▶ **EXERCISE**
Render every line of the data exactly as written, and leave out the pictures.

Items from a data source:
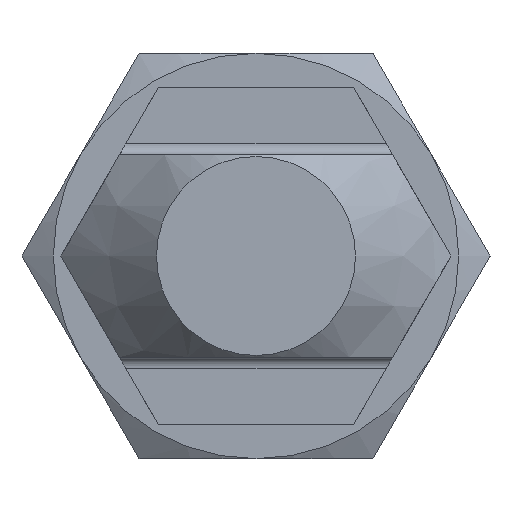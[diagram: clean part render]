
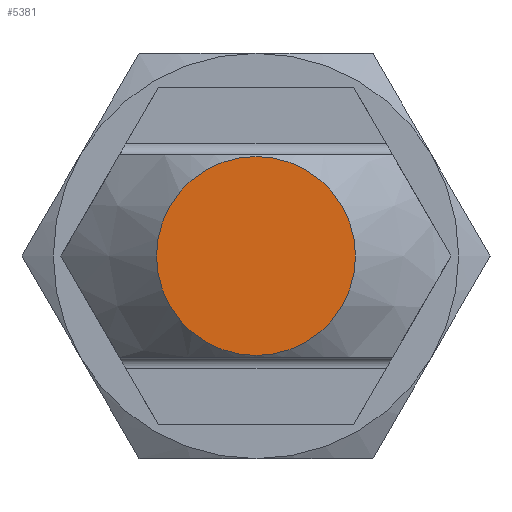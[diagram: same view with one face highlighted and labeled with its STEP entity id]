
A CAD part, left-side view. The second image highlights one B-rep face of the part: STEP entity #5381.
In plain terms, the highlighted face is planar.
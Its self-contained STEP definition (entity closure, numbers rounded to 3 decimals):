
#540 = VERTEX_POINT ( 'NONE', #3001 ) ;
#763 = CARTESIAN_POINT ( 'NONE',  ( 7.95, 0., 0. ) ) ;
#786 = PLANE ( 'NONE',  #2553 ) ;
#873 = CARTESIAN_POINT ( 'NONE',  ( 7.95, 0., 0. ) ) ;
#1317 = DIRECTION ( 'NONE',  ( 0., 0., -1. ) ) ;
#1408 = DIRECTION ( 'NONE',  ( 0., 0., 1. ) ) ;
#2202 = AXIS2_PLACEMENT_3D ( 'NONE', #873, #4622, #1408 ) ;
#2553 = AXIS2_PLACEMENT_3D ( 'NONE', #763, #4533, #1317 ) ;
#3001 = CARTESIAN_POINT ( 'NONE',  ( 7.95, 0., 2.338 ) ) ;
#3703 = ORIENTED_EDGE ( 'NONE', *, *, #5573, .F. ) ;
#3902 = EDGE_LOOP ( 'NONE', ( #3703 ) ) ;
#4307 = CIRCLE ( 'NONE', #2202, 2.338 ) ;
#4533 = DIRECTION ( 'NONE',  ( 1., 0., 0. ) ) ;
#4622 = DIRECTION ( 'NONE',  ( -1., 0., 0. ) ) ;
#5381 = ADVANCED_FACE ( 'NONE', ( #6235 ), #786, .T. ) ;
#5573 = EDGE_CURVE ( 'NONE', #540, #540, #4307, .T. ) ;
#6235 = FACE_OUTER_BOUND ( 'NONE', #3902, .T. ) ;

▶ **SOLUTION TO THIS PROBLEM**
[diagram: clean part render]
[diagram: same view with one face highlighted and labeled with its STEP entity id]
A CAD part, left-side view. The second image highlights one B-rep face of the part: STEP entity #5381.
In plain terms, the highlighted face is planar.
Its self-contained STEP definition (entity closure, numbers rounded to 3 decimals):
#540 = VERTEX_POINT ( 'NONE', #3001 ) ;
#763 = CARTESIAN_POINT ( 'NONE',  ( 7.95, 0., 0. ) ) ;
#786 = PLANE ( 'NONE',  #2553 ) ;
#873 = CARTESIAN_POINT ( 'NONE',  ( 7.95, 0., 0. ) ) ;
#1317 = DIRECTION ( 'NONE',  ( 0., 0., -1. ) ) ;
#1408 = DIRECTION ( 'NONE',  ( 0., 0., 1. ) ) ;
#2202 = AXIS2_PLACEMENT_3D ( 'NONE', #873, #4622, #1408 ) ;
#2553 = AXIS2_PLACEMENT_3D ( 'NONE', #763, #4533, #1317 ) ;
#3001 = CARTESIAN_POINT ( 'NONE',  ( 7.95, 0., 2.338 ) ) ;
#3703 = ORIENTED_EDGE ( 'NONE', *, *, #5573, .F. ) ;
#3902 = EDGE_LOOP ( 'NONE', ( #3703 ) ) ;
#4307 = CIRCLE ( 'NONE', #2202, 2.338 ) ;
#4533 = DIRECTION ( 'NONE',  ( 1., 0., 0. ) ) ;
#4622 = DIRECTION ( 'NONE',  ( -1., 0., 0. ) ) ;
#5381 = ADVANCED_FACE ( 'NONE', ( #6235 ), #786, .T. ) ;
#5573 = EDGE_CURVE ( 'NONE', #540, #540, #4307, .T. ) ;
#6235 = FACE_OUTER_BOUND ( 'NONE', #3902, .T. ) ;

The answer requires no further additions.